Hauptmenü Accesskey 1 Hauptinhalt 2 Footer 3 Suche 4 Impressum 8 Kontakt 9 Startseite 0
Neu Presse TV-Tipps Termine
© Queer Communications GmbH
https://www.queer.de/detail.php?article_id=13820
Home > Kommentare

Kommentare zu:
Michael Stipe ist zu 80 Prozent schwul


#1 FoXXXynessEhemaliges Profil
#2 Ilovelife
  • 08.03.2011, 16:25h
  • Mit R.E.M. und Herrn Stipe ist es genau wie mit dem medizinischen Phänomen, nach dem sie sich benannt haben: Rapid Eye Movement. Eine Schlafphase, die unter anderem durch schnelle Augenbewegungen gekennzeichnet ist. Zwar steigen da wohl Blutdruck und Puls an, der/die Betroffene merkt aber in der Regel nix davon.

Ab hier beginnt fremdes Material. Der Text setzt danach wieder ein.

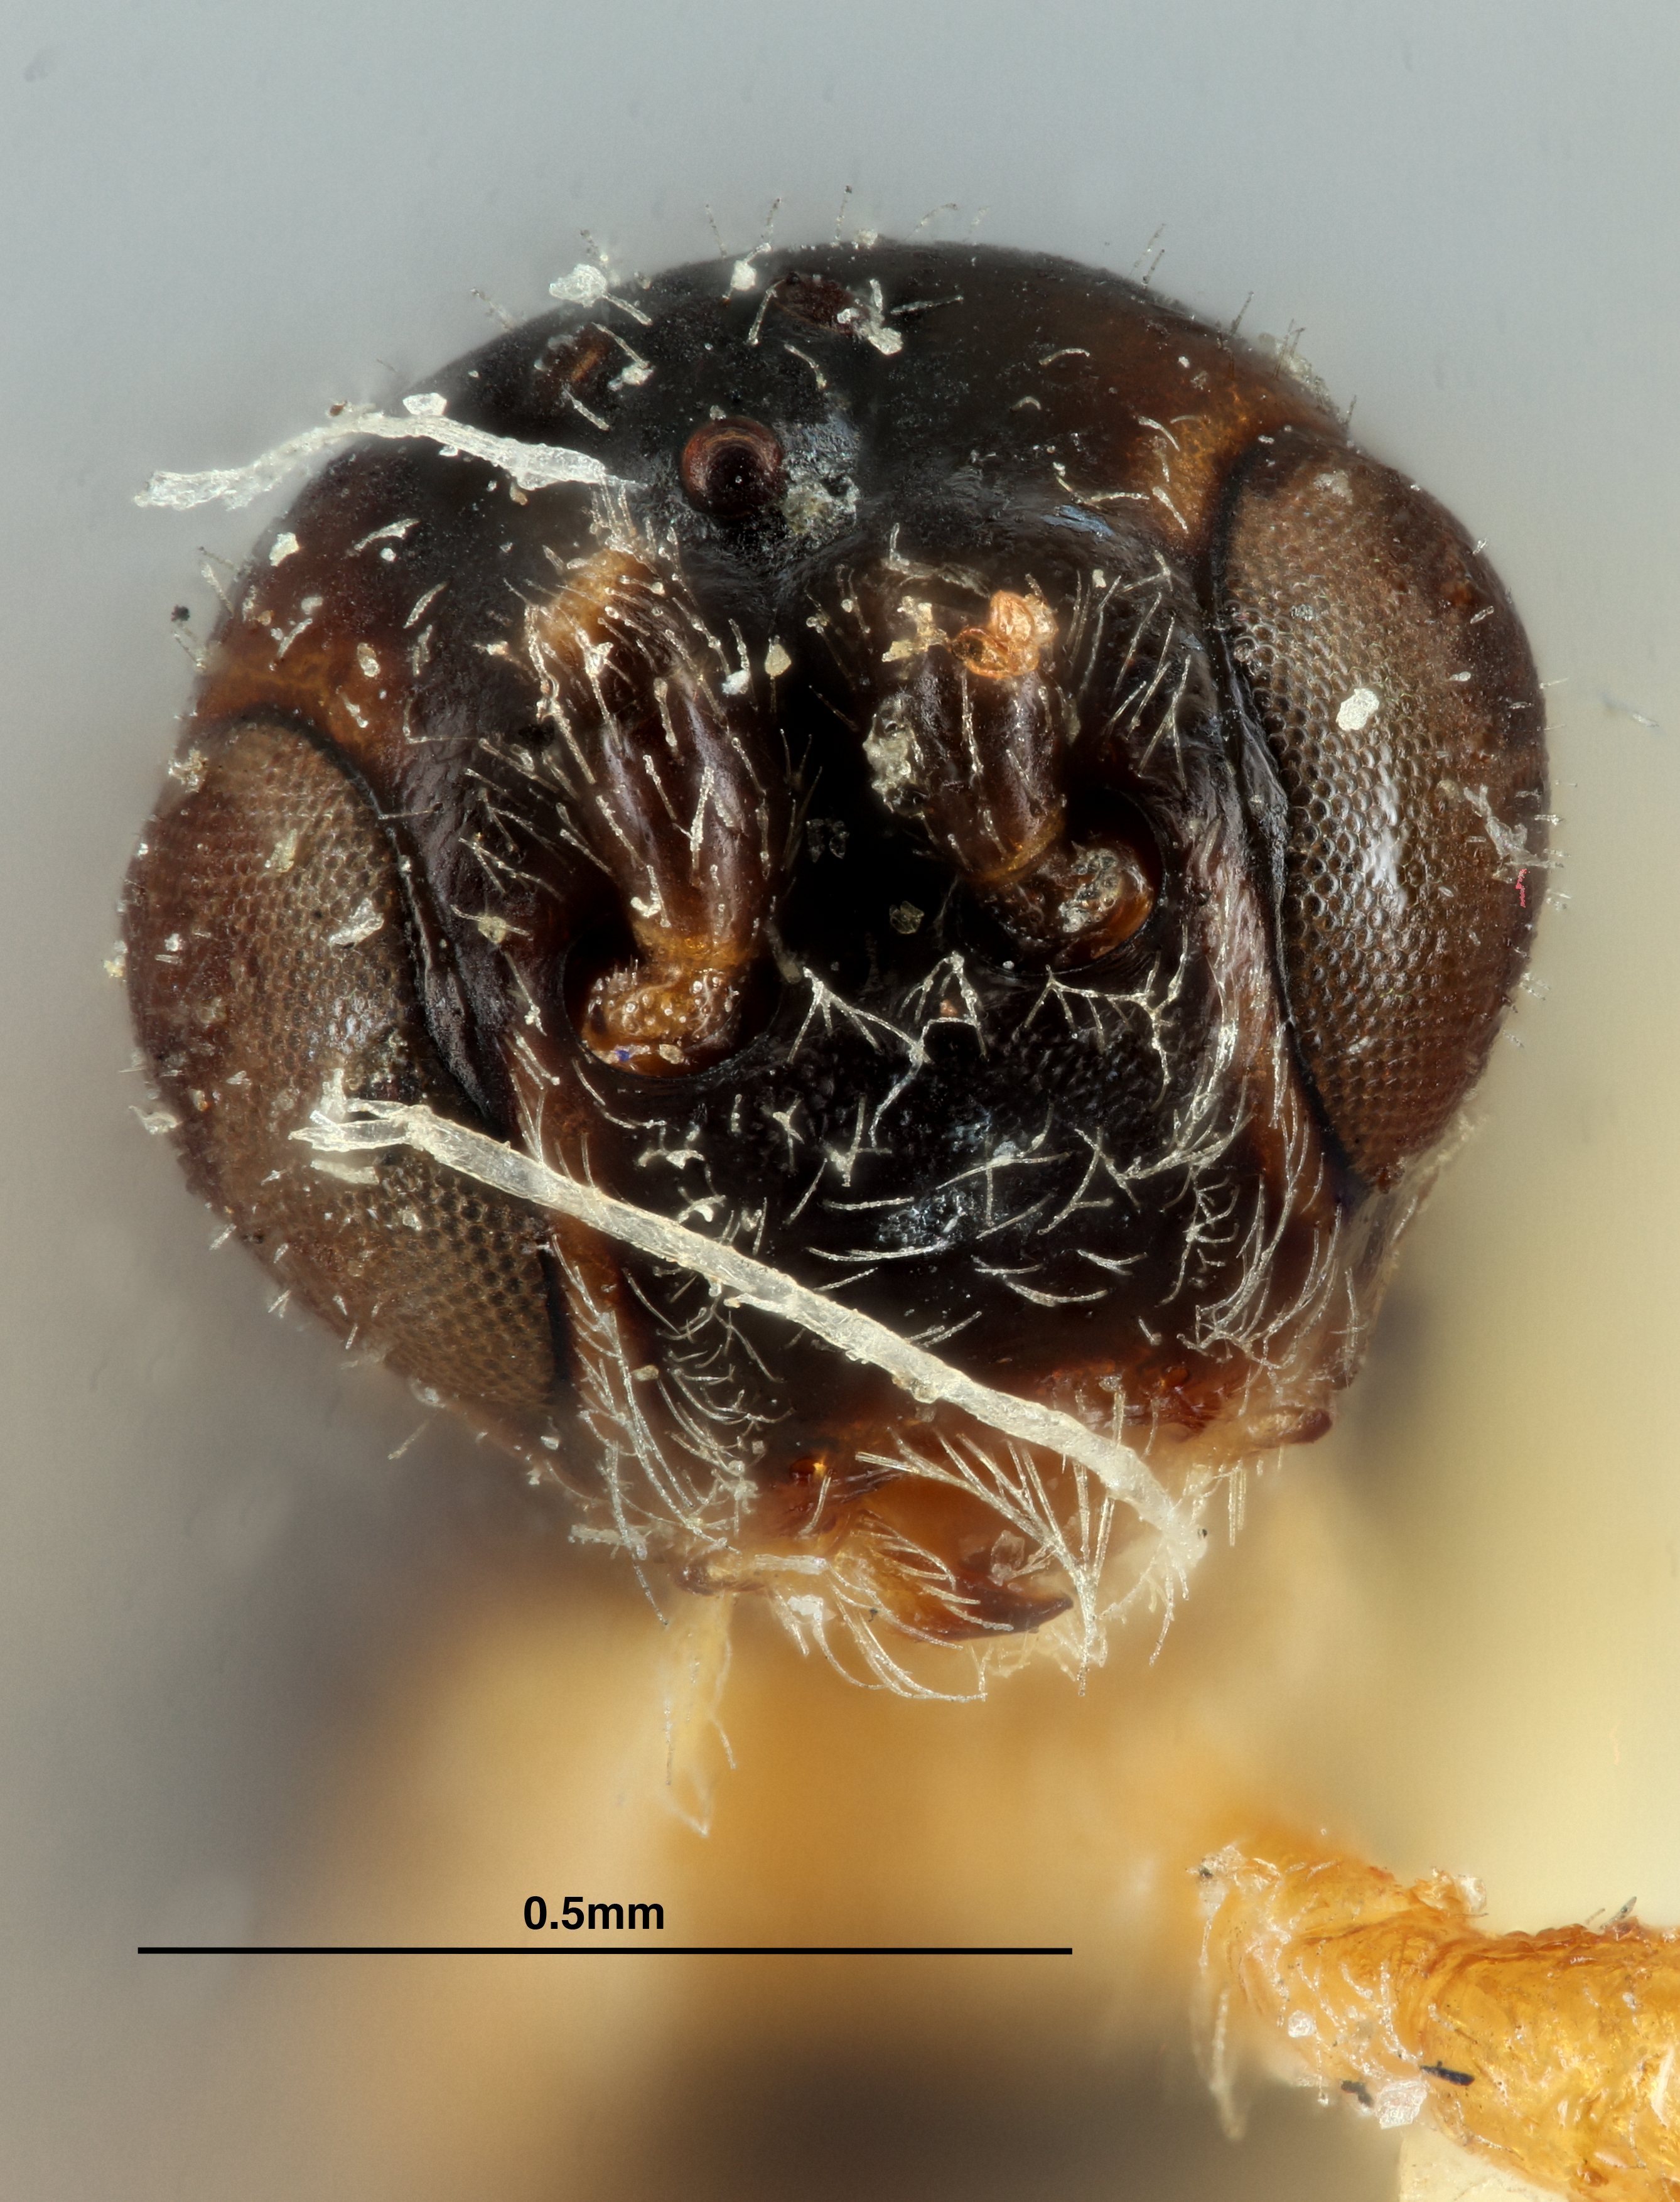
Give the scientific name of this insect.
Bracon nigridorsum

    Genauso sollte man es meiner Auffassung nach sowohl mit der einschläfernden Musik dieser zu Unrecht viel zu hochgejubelten Gruppe als auch mit den Äußerungen des sichtlich Midlife-Crisis-behafteten Sängers halten...
  • Antworten » | Direktlink »
#3 gniwerjProfil
  • 08.03.2011, 17:39hdortmund
  • Antwort auf #2 von Ilovelife
  • Leider verhält es sich mit schwulen Männern oftmals genauso wie mit homophoben Heteros, nämlich wenn sie auf bisexuelle Menschen treffen;)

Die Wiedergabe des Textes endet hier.